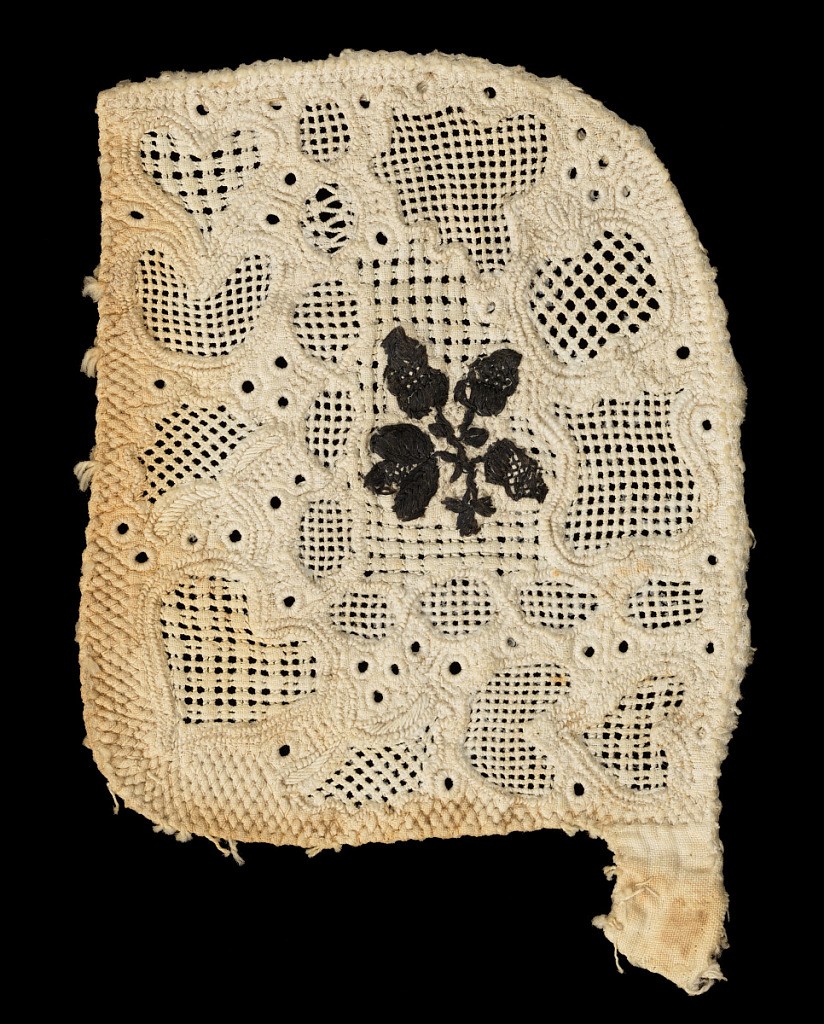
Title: Baby's cap (back and side)
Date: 16th century
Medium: linen Technique: withdrawn element with embroidery
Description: Two thicknesses of bleached linen decorated with various drawnwork designs making a lattice-like pattern in leaf, heart, and star shapes. Larger back panel has two small acorn motifs embroidered in dark brown linen. Smaller side panel has one.
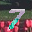
Label: 7
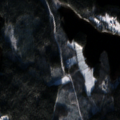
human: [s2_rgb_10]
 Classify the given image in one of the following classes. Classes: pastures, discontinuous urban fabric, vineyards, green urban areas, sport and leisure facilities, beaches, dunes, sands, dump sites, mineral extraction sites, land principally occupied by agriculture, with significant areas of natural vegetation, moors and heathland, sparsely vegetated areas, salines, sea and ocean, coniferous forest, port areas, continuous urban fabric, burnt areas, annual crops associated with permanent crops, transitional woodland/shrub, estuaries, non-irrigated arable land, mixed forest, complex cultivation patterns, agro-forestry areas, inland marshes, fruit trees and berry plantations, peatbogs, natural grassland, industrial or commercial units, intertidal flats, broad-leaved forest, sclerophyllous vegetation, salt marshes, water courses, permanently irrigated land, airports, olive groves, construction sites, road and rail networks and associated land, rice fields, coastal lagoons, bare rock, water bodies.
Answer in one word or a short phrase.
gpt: coniferous forest, mixed forest, water bodies
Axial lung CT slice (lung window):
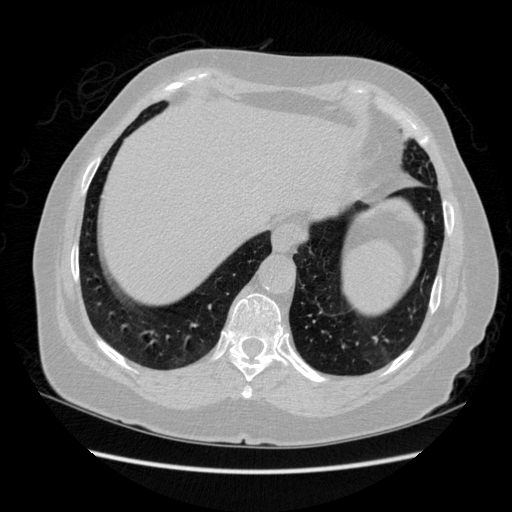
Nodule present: no
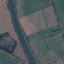
Land use / land cover: River
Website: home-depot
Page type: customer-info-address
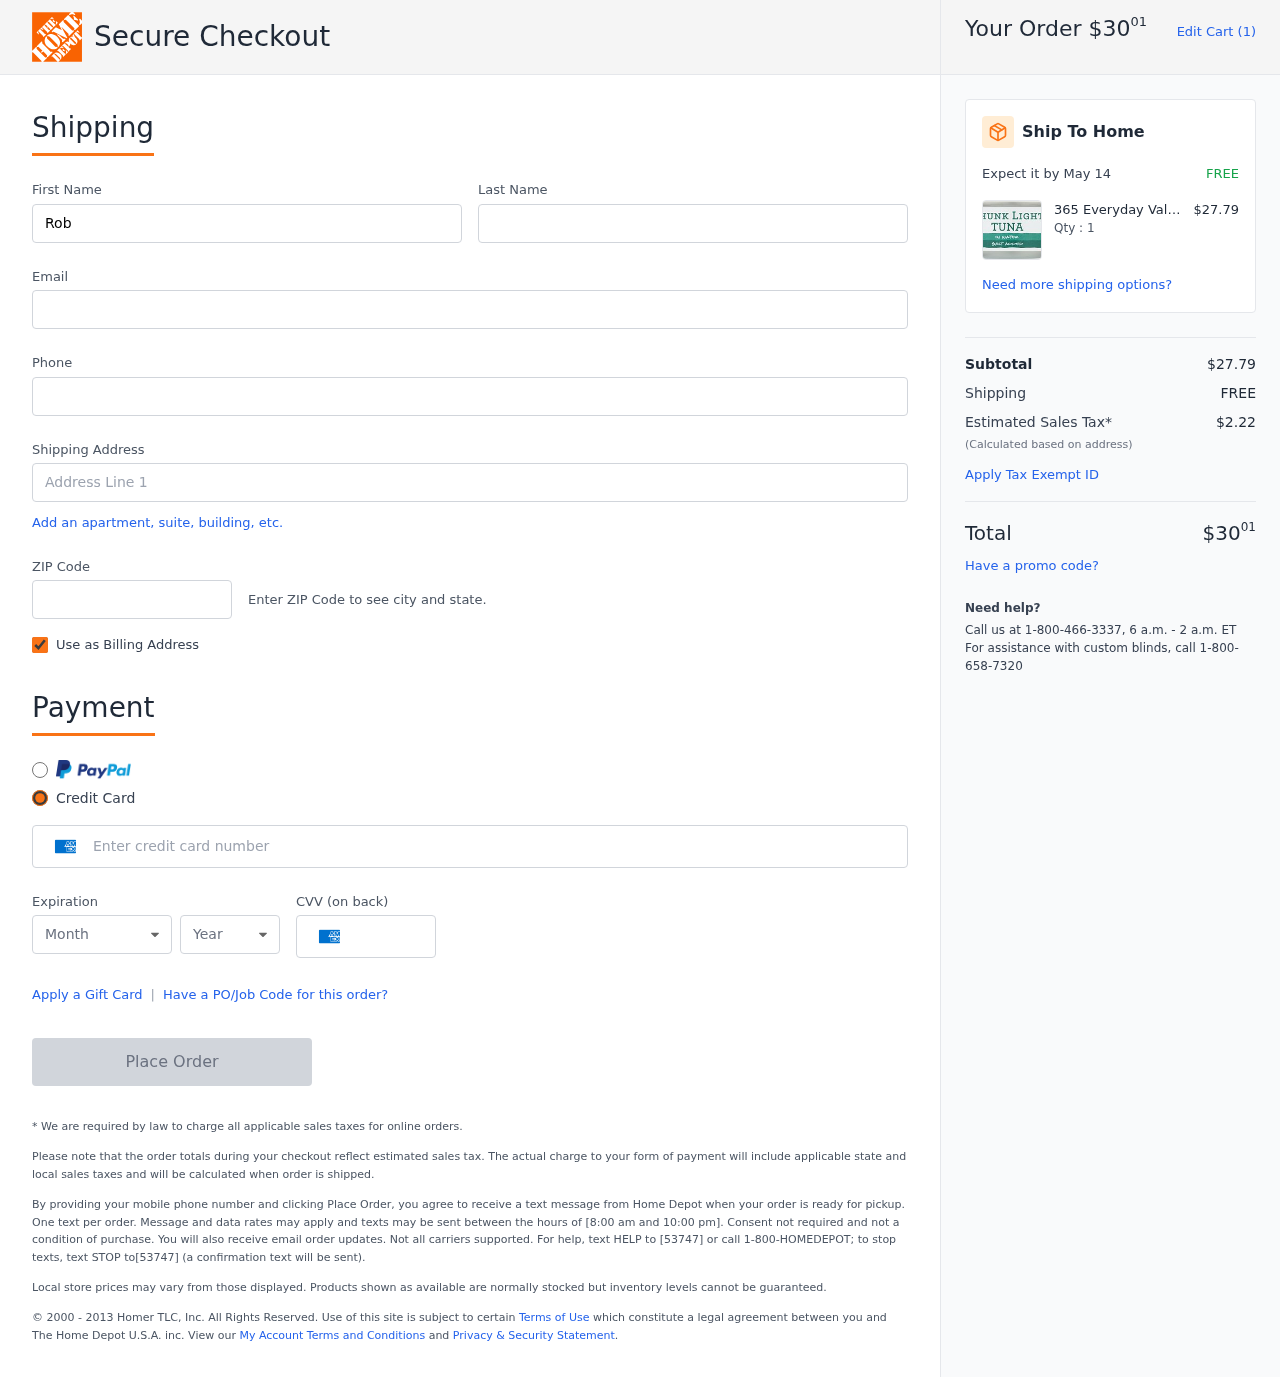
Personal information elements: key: PII_CARD_CVV
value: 7870
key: PII_CARD_EXPIRY_MONTH
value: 10
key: PII_CARD_EXPIRY_YEAR
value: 29
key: PII_CARD_NUMBER
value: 3739 9248 3021 082
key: PII_EMAIL
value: rsnyder@yahoo.com
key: PII_FIRSTNAME
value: Robert
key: PII_LASTNAME
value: Snyder
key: PII_PHONE
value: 4764294636
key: PII_POSTCODE
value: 67928
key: PII_STREET
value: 0335 Chambers Plains
Product elements: key: PRODUCT1_BRAND
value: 365 Everyday Value
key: PRODUCT1_NAME
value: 365 Everyday Value, Chunk Light Tuna in Water, Salt Added, 5 oz
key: PRODUCT1_PRICE
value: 27.79
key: PRODUCT1_QUANTITY
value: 1
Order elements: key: ORDER_TOTAL
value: $3001
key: ORDER_NUM_ITEMS
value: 1
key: ORDER_DELIVERY_DATE
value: May 14
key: ORDER_SUBTOTAL
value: $27.79
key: ORDER_SHIPPING_COST
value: FREE
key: ORDER_TAX
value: $2.22

--------------------

**WHAT YOU NEED TO DO**
Give exactly the lines from the one with "key: PII_PHONE" to the end of the entries, nothing before them.

**EXPECTED OUTPUT**
key: PII_PHONE
value: 4764294636
key: PII_POSTCODE
value: 67928
key: PII_STREET
value: 0335 Chambers Plains
Product elements: key: PRODUCT1_BRAND
value: 365 Everyday Value
key: PRODUCT1_NAME
value: 365 Everyday Value, Chunk Light Tuna in Water, Salt Added, 5 oz
key: PRODUCT1_PRICE
value: 27.79
key: PRODUCT1_QUANTITY
value: 1
Order elements: key: ORDER_TOTAL
value: $3001
key: ORDER_NUM_ITEMS
value: 1
key: ORDER_DELIVERY_DATE
value: May 14
key: ORDER_SUBTOTAL
value: $27.79
key: ORDER_SHIPPING_COST
value: FREE
key: ORDER_TAX
value: $2.22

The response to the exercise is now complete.